Saved entries
============

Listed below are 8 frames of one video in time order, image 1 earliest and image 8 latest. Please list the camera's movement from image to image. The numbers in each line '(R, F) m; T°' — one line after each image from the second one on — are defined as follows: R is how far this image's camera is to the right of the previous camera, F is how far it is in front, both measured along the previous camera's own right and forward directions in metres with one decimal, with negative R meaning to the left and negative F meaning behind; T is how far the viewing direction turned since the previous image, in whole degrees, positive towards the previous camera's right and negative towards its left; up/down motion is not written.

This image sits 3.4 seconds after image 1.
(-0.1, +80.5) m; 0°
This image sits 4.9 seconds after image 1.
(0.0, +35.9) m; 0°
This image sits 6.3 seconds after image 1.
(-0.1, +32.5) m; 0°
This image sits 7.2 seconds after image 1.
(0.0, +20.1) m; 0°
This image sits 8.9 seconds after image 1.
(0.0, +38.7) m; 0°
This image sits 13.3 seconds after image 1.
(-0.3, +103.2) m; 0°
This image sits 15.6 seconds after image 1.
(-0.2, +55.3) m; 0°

============

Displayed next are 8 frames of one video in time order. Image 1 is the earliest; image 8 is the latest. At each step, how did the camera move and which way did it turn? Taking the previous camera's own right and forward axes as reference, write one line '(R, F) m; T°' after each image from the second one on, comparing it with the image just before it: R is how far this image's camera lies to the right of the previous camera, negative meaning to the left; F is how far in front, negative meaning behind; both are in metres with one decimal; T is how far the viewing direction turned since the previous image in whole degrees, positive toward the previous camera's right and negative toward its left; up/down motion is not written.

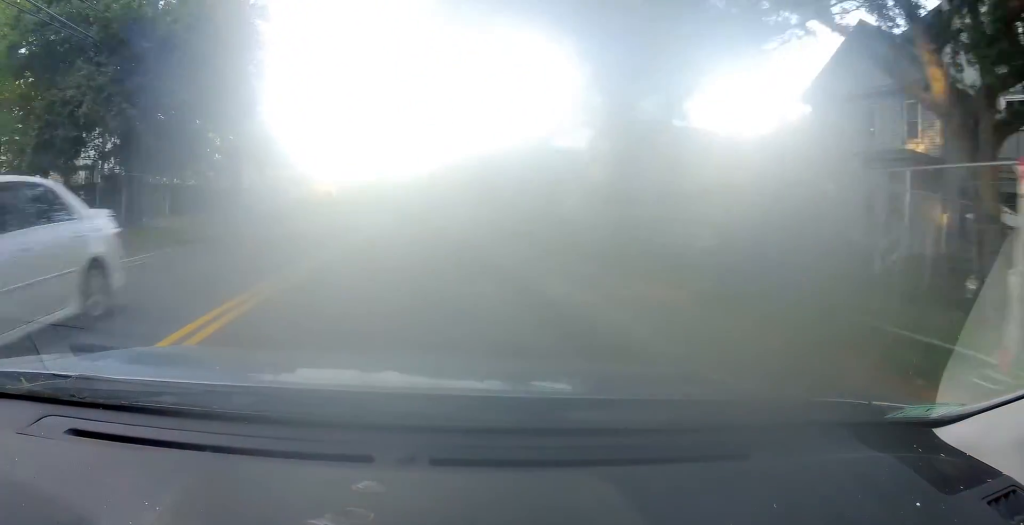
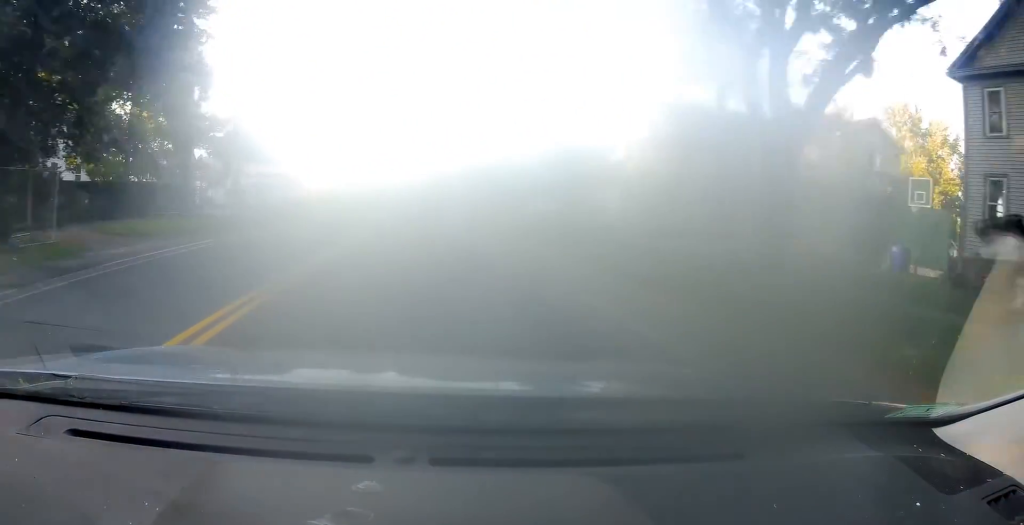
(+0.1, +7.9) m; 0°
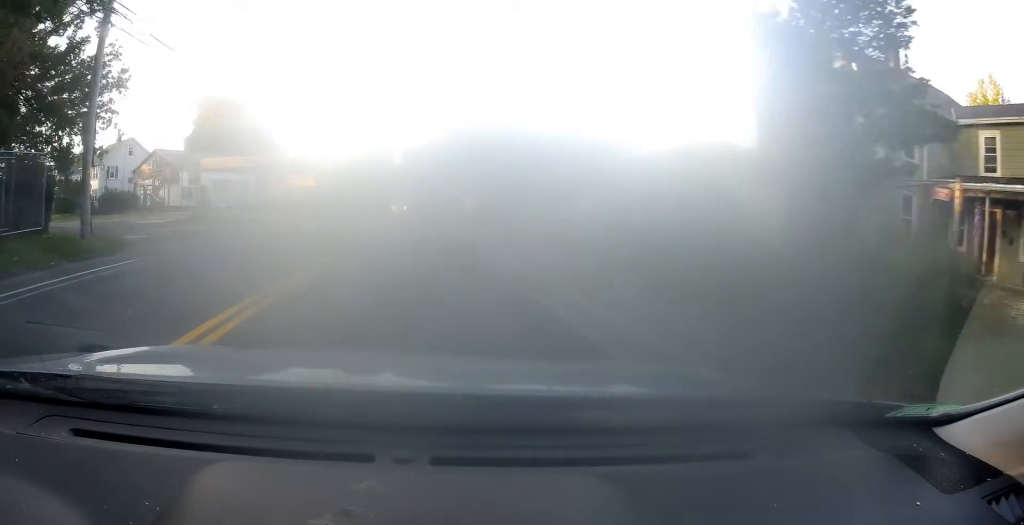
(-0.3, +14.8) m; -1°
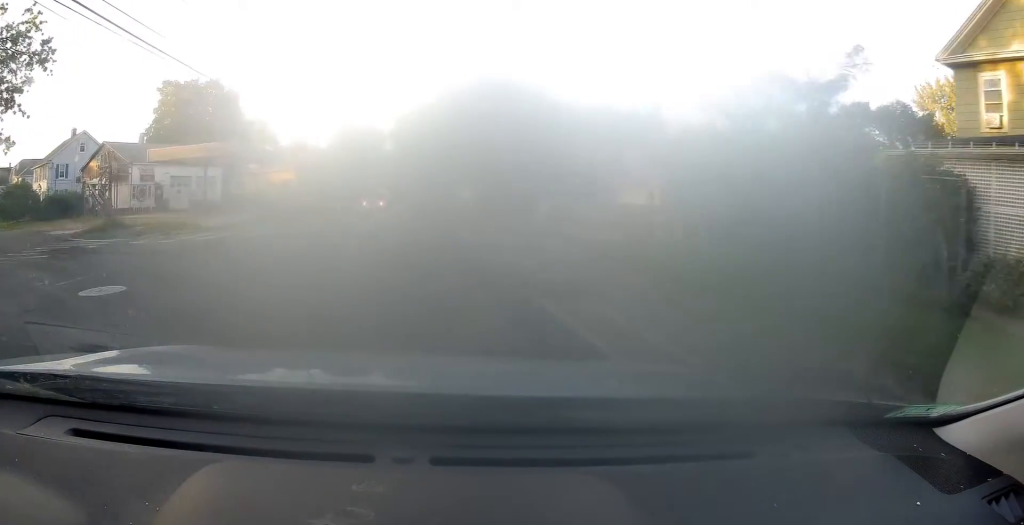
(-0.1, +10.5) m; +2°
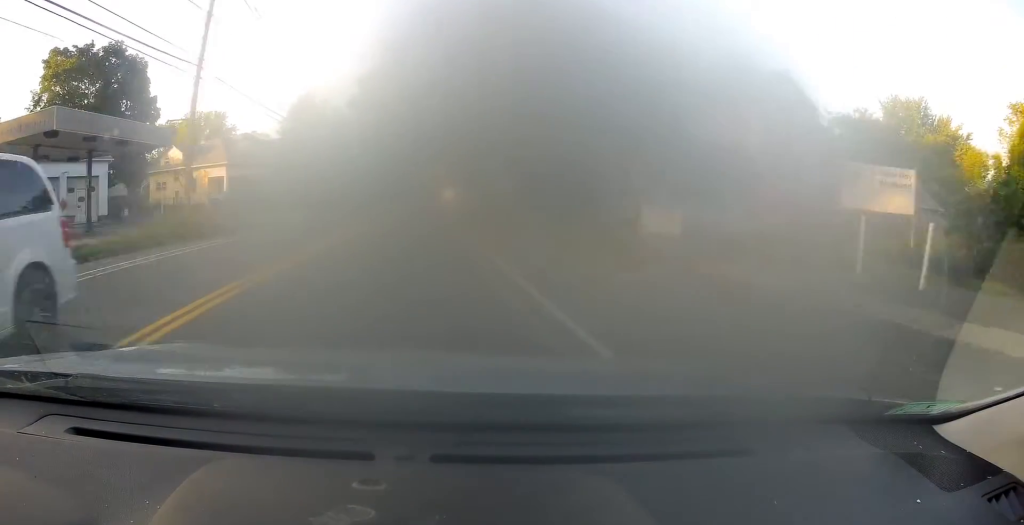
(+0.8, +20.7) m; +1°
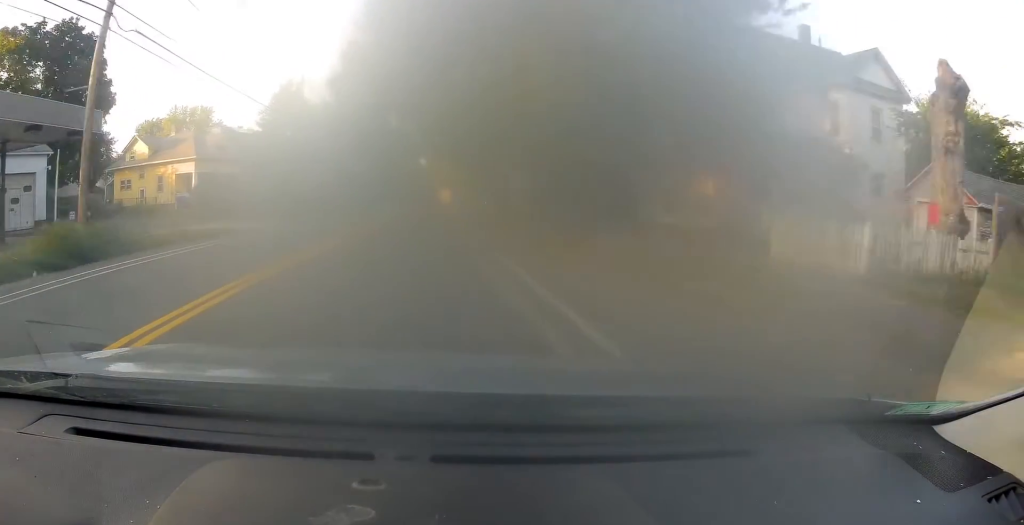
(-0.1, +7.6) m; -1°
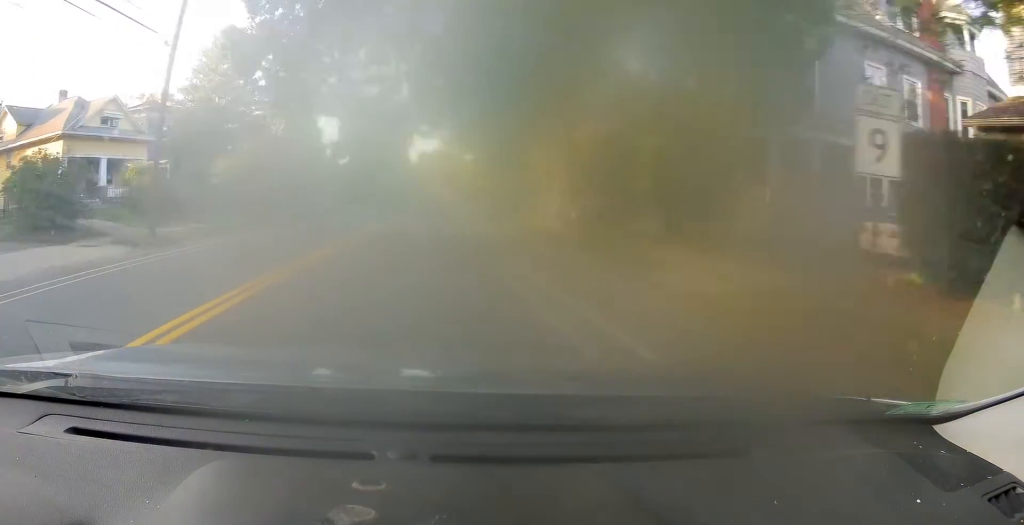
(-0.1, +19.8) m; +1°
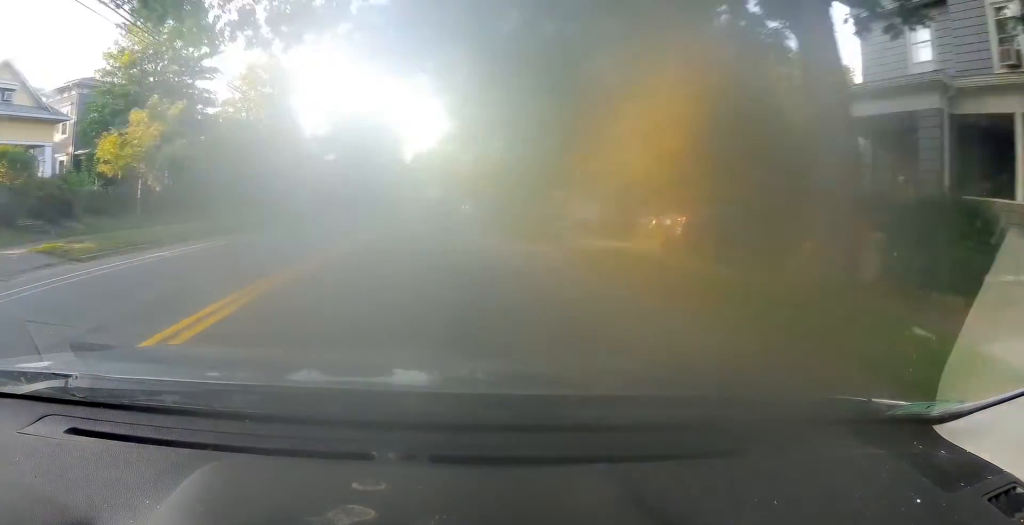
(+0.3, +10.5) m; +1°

============

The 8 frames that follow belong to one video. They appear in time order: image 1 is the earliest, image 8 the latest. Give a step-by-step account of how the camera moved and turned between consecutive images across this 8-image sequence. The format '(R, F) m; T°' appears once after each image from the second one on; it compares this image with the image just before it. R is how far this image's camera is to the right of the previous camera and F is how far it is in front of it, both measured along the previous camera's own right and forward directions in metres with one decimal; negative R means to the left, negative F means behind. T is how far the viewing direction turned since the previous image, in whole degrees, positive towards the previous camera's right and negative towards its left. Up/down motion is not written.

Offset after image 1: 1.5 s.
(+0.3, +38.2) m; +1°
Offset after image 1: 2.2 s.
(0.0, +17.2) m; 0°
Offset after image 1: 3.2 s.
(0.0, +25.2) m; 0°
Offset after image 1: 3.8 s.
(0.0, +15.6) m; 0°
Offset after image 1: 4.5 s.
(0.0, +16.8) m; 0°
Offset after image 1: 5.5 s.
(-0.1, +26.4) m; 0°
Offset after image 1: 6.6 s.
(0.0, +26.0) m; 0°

============

PROMPT
Filter the data above by the word "towards" and copy every line that matches.

RESULT OF THE EXERCISE
Listed below are 8 frames of one video in time order, image 1 earliest and image 8 latest. Please list the camera's movement from image to image. The numbers in each line '(R, F) m; T°' — one line after each image from the second one on — are defined as follows: R is how far this image's camera is to the right of the previous camera, F is how far it is in front, both measured along the previous camera's own right and forward directions in metres with one decimal, with negative R meaning to the left and negative F meaning behind; T is how far the viewing direction turned since the previous image, in whole degrees, positive towards the previous camera's right and negative towards its left; up/down motion is not written.
The 8 frames that follow belong to one video. They appear in time order: image 1 is the earliest, image 8 the latest. Give a step-by-step account of how the camera moved and turned between consecutive images across this 8-image sequence. The format '(R, F) m; T°' appears once after each image from the second one on; it compares this image with the image just before it. R is how far this image's camera is to the right of the previous camera and F is how far it is in front of it, both measured along the previous camera's own right and forward directions in metres with one decimal; negative R means to the left, negative F means behind. T is how far the viewing direction turned since the previous image, in whole degrees, positive towards the previous camera's right and negative towards its left. Up/down motion is not written.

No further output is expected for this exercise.